El pasado 26 de agosto tuvo lugar en Buenos Aires una reunión pública de la CCI sobre el tema: La experiencia de Zanón: La autogestión ¿solución a la miseria o gestión de la miseria?

En un anexo adjuntamos la presentación que hicimos. Vamos a dar cuenta de la discusión que fue muy animada y en la que participaron compañeros del Núcleo Comunista Internacionalista y del Colectivo Nuevo Proyecto Histórico.

Los compañeros de este último colectivo repartieron su texto –que contiene elementos de denuncia de la autogestión- titulado Empresas recuperadas: La autonomía empantanada e intervinieron activamente en la reunión. También otros compañeros plantearon diferentes cuestiones. Queremos destacar algunas de ellas haciendo una breve reflexión.

El alud de cierres de empresas es impresionante en Argentina, como lo es también en la mayoría de países, especialmente los industrializados. De un día para otro, el patrón cierra la fábrica o declara la quiebra y deja a los obreros sin ningún medio para comer, ellos y sus familias. Estos tienen que defenderse y la mejor defensa es crear una relación de fuerzas contra el Capital y su Estado. ¿Cómo conseguirla? Buscando la solidaridad y la movilización para la lucha de los demás obreros sin distinción de empresa, sector o región.

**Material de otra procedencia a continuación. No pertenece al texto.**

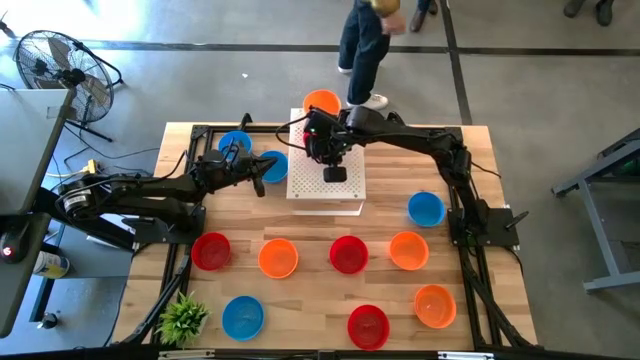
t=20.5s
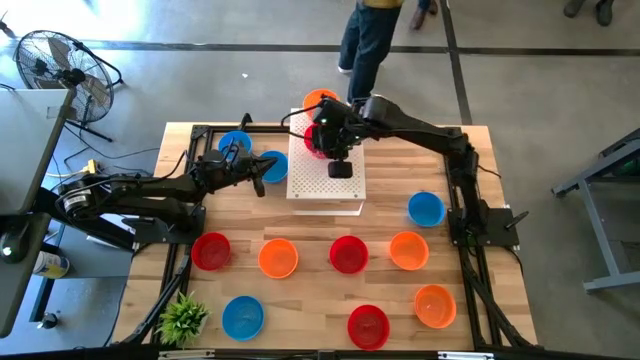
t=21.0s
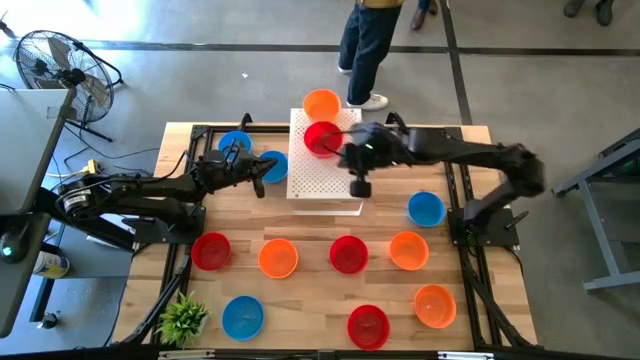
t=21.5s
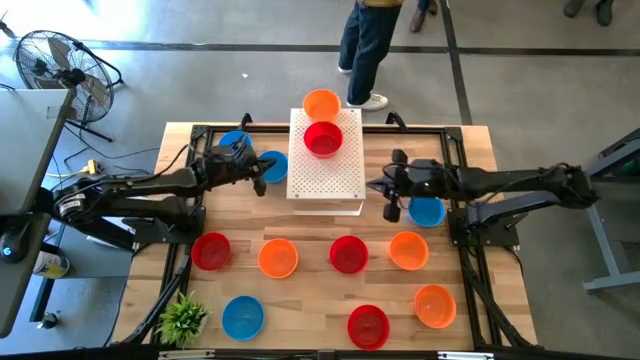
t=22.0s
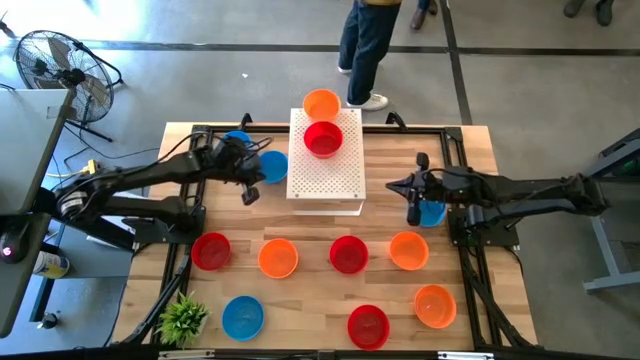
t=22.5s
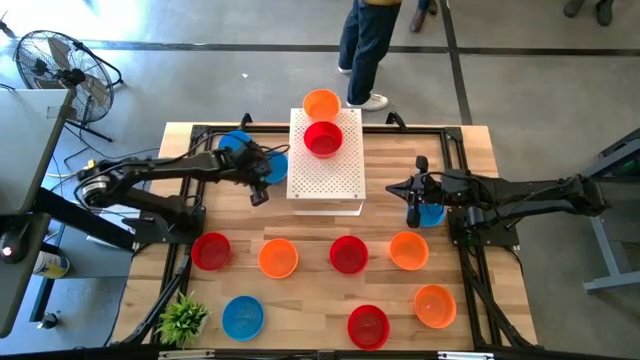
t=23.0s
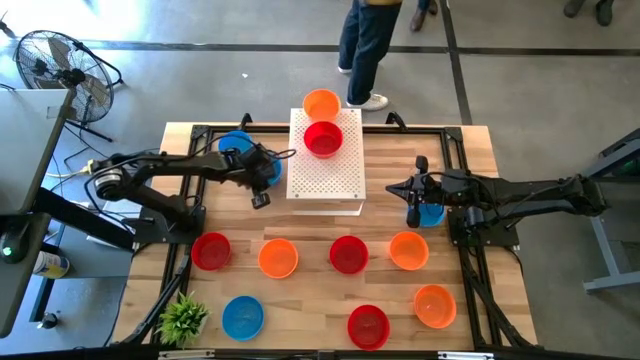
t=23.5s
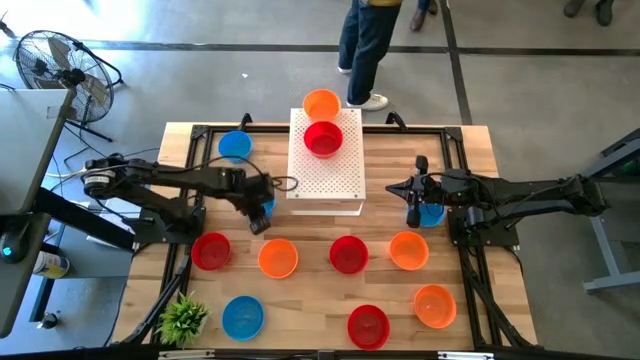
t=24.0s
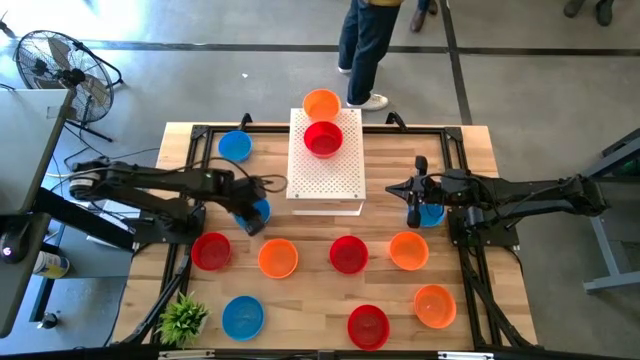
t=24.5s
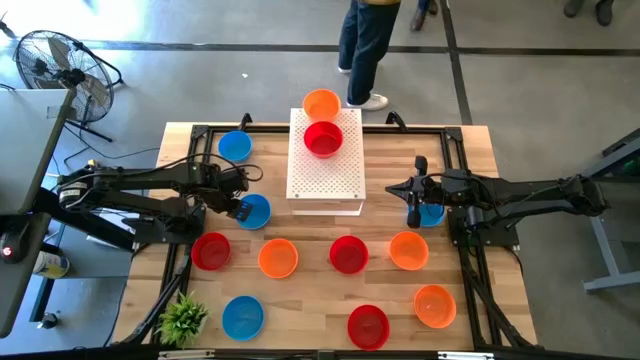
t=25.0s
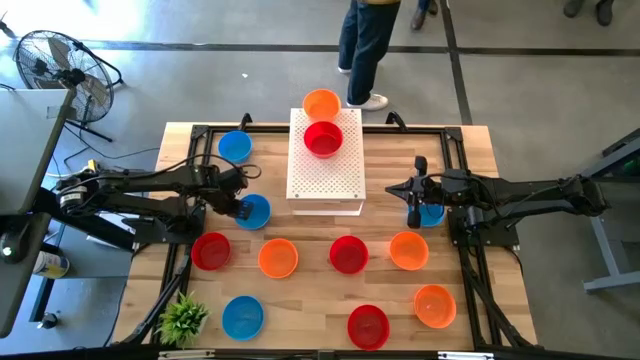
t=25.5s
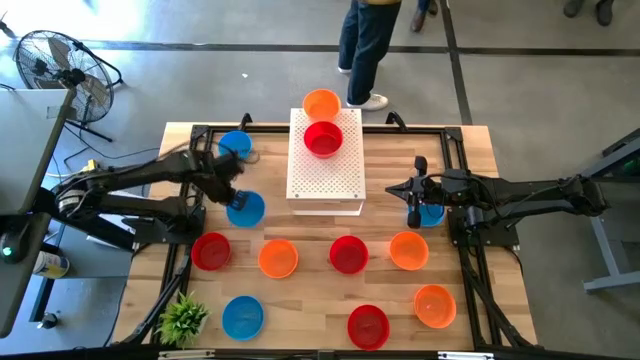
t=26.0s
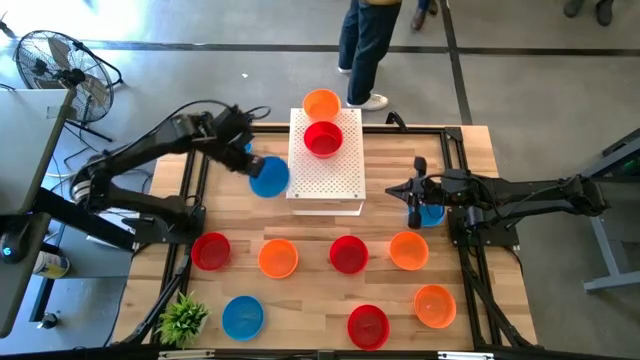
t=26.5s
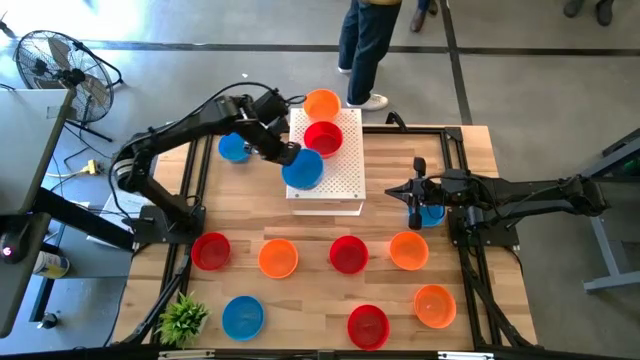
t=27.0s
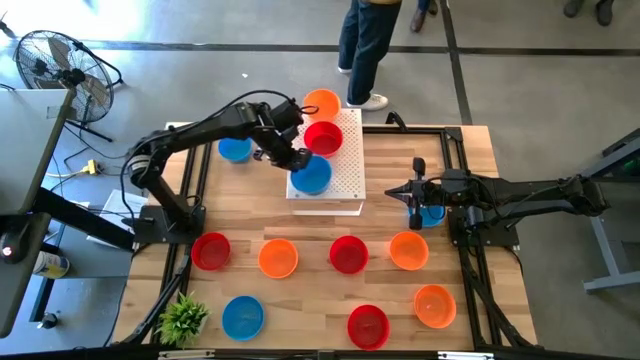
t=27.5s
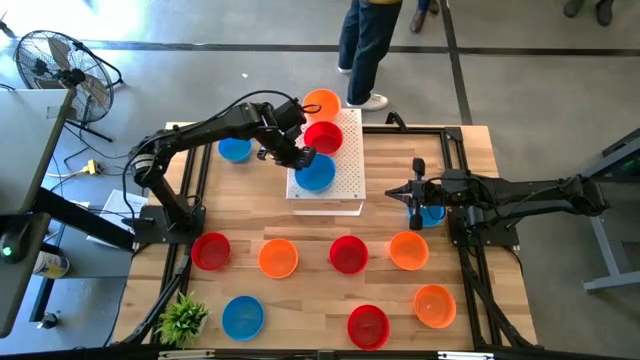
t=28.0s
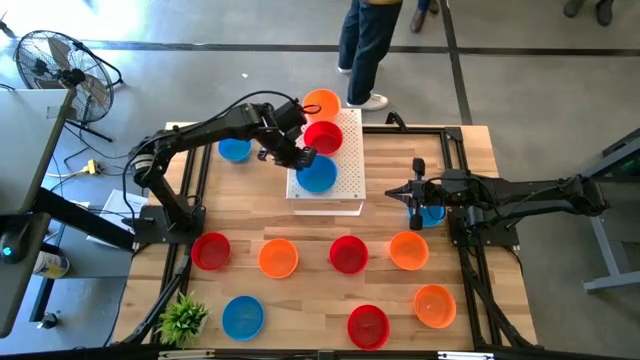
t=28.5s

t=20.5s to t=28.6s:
Task: Pick & Place Mini bowls
Put the blue bowl on the shelf

Esa capacidad de manifestarse como UNA SOLA CLASE adonde cualquier sector obrero siente el ataque a otros compañeros como un ataque a si mismo, está todavía lejos de ser alcanzada por nuestra clase. Desde hace 15 años predomina la situación opuesta de dispersión, de apatía, de dificultad para reconocerse siquiera como clase. Ante semejante situación, los obreros se agarran desesperadamente a medidas como la ocupación de la empresa cerrada para que sigua funcionando y ante la espantada del patrón ellos mismos la ponen en marcha.

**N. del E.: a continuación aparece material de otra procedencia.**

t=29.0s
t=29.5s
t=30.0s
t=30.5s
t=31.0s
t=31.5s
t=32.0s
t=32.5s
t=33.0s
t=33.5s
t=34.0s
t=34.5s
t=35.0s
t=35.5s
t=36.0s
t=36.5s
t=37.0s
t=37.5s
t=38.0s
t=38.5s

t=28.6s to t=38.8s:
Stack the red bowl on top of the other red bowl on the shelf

Pero estas medidas lo más que consiguen es prolongar durante un cierto tiempo la agonía de la empresa a costa de terribles sacrificios por parte de los trabajadores: en la mayoría de los casos se ven obligados a bajarse los salarios trabajando muchas más horas y, más pronto o más tarde, hay que despedir a compañeros para mantener la empresa a flote. Es decir, los trabajadores toman a cargo su propia explotación, se convierten en funcionarios del capital, sometidos a las leyes del mercado y semejante transformación no les garantiza ni mucho menos un medio de vida.

Pero lo peor es que se ven obligados a atacar sus armas más preciadas, cuyo desarrollo es lo que de verdad les permitirá acabar con las causas de la miseria y la barbarie. Al tener que organizar la explotación, tienen que enfrentarse unos contra otros, tienen que tomar medidas como despedir compañeros, o sea, imponer la violencia dentro de la propia clase. Destruyen por tanto su UNIDAD COMO CLASE no solo al interior de la empresa sino respecto a los demás obreros que a sus ojos dejan de serlo para convertirse en los de la empresa tal o los de la empresa cual, es decir, son vistos como competidores.

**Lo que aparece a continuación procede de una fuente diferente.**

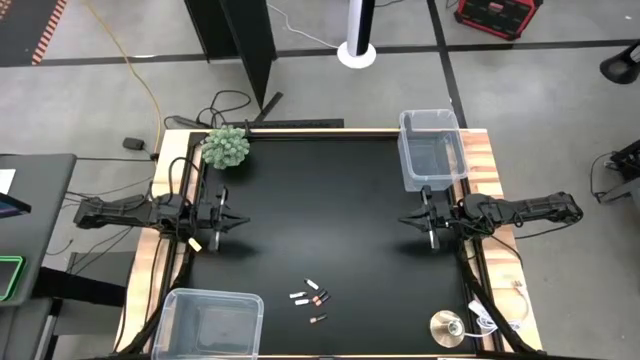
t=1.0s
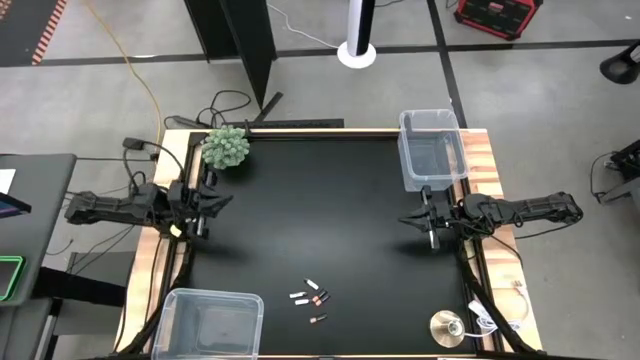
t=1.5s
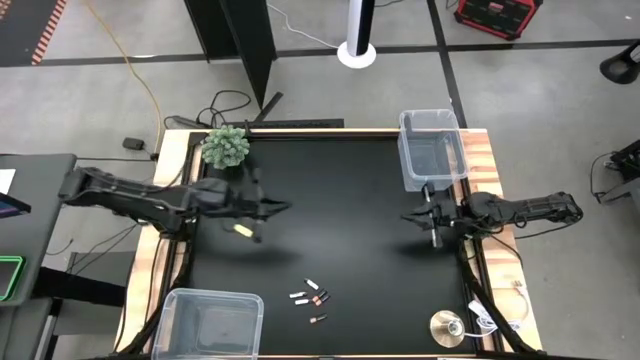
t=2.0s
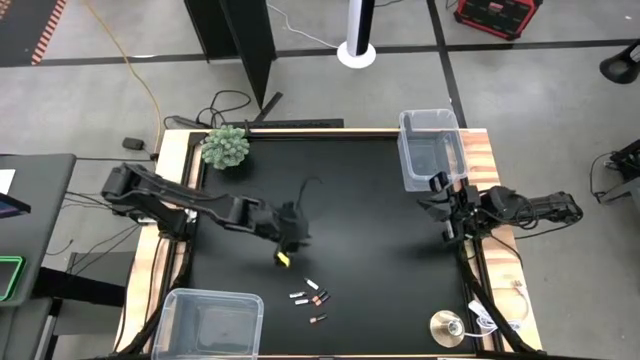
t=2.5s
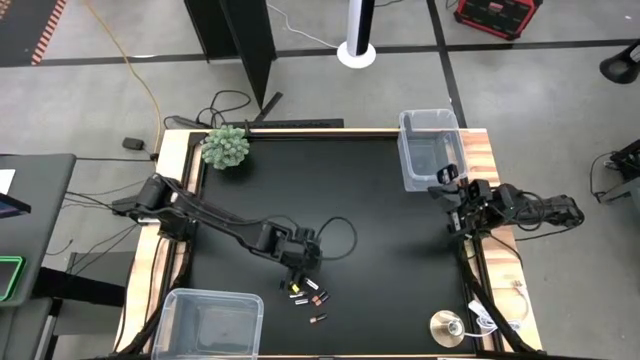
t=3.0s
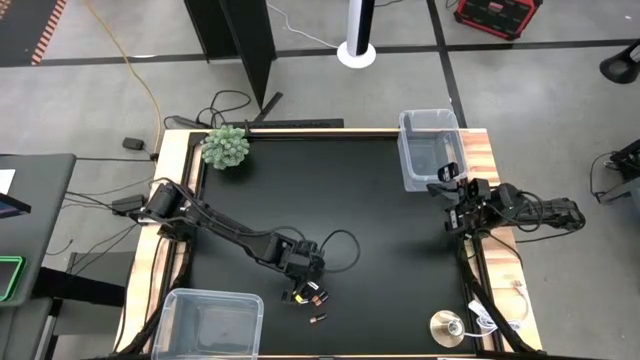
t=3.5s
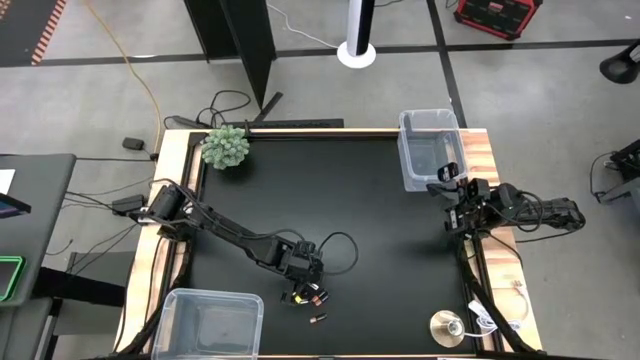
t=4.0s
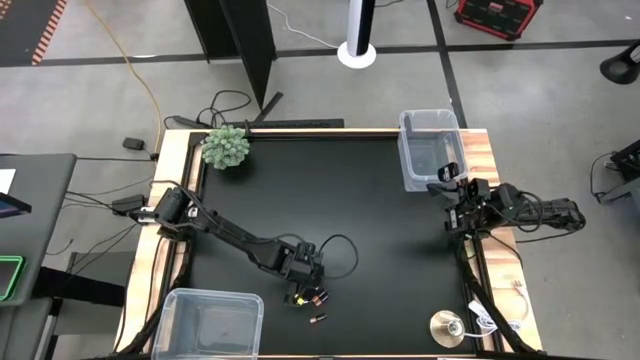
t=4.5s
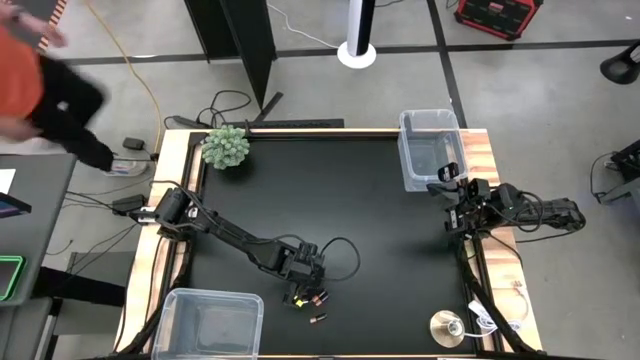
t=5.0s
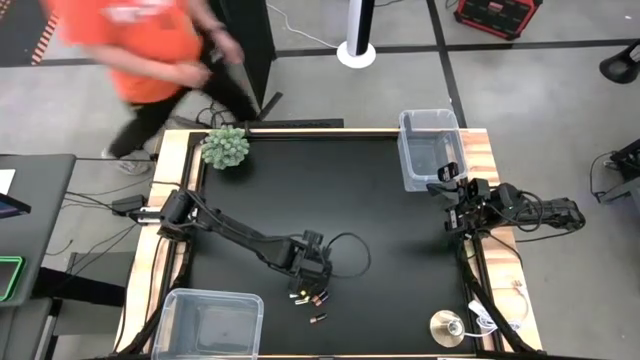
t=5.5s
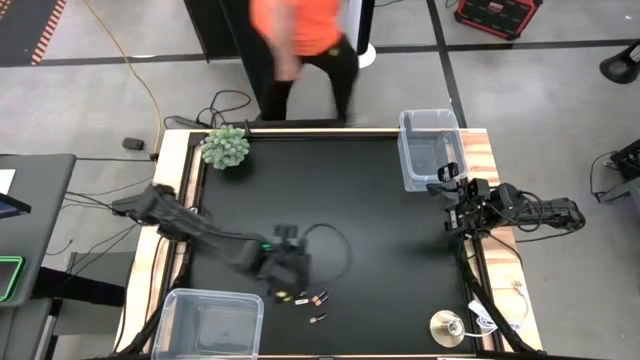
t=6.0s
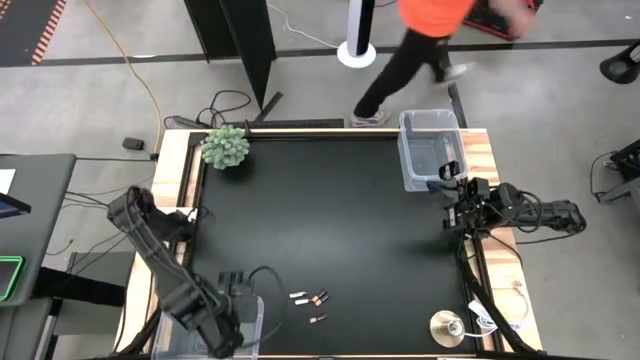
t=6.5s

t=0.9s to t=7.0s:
Task: Sort batteries
Put the top silver battery into the bottom transparent bin

La empresa “autogestionada” está sometida a las reglas del mercado y, por ello, la preocupación que inevitablemente se apodera de sus trabajadores es cómo hacerla competitiva, cómo hacerla productiva, como vencer a los rivales. Los obreros identifican sus intereses con el interés de la empresa, con el interés de la economía nacional. En vez de luchar contra el Capital y el Estado nacional, se someten a él y a sus leyes. Es decir, destruyen su CONCIENCIA DE CLASE.

Ante esta denuncia, que se acompañó por parte de dos asistentes de una crítica del movimiento piquetero, un asistente planteó “entonces ¿cómo luchar?”. Esto dio lugar a un debate que un compañero del colectivo NPH formuló así “o lucha antagónica contra el capital o lucha creando un contrapoder de los trabajadores dentro de la sociedad capitalista misma”

Al hilo de esta cuestión, una compañera del mismo colectivo, planteó, junto a otras cuestiones interesantes, “¿es posible crear un espacio anti-capitalista dentro del propio capitalismo?”.

Respondimos que no. La burguesía pudo desarrollar un contra-poder económico al interior de la sociedad feudal porque era una clase explotadora que aspiraba a una nueva forma de explotación. El capitalismo se desarrolló al interior de la propia sociedad feudal. Sin embargo, eso no es posible para el proletariado: éste no aspira a instaurar una nueva explotación sino a abolir toda forma de explotación y no posee ningún poder económico previo al interior de la sociedad capitalista. Sus armas son su unidad, su conciencia, su solidaridad y su capacidad de auto-organización, factores que convergen en el asalto revolucionario contra el Estado burgués para establecer el poder mundial de los Consejos Obreros que abre el periodo de transición del capitalismo al comunismo.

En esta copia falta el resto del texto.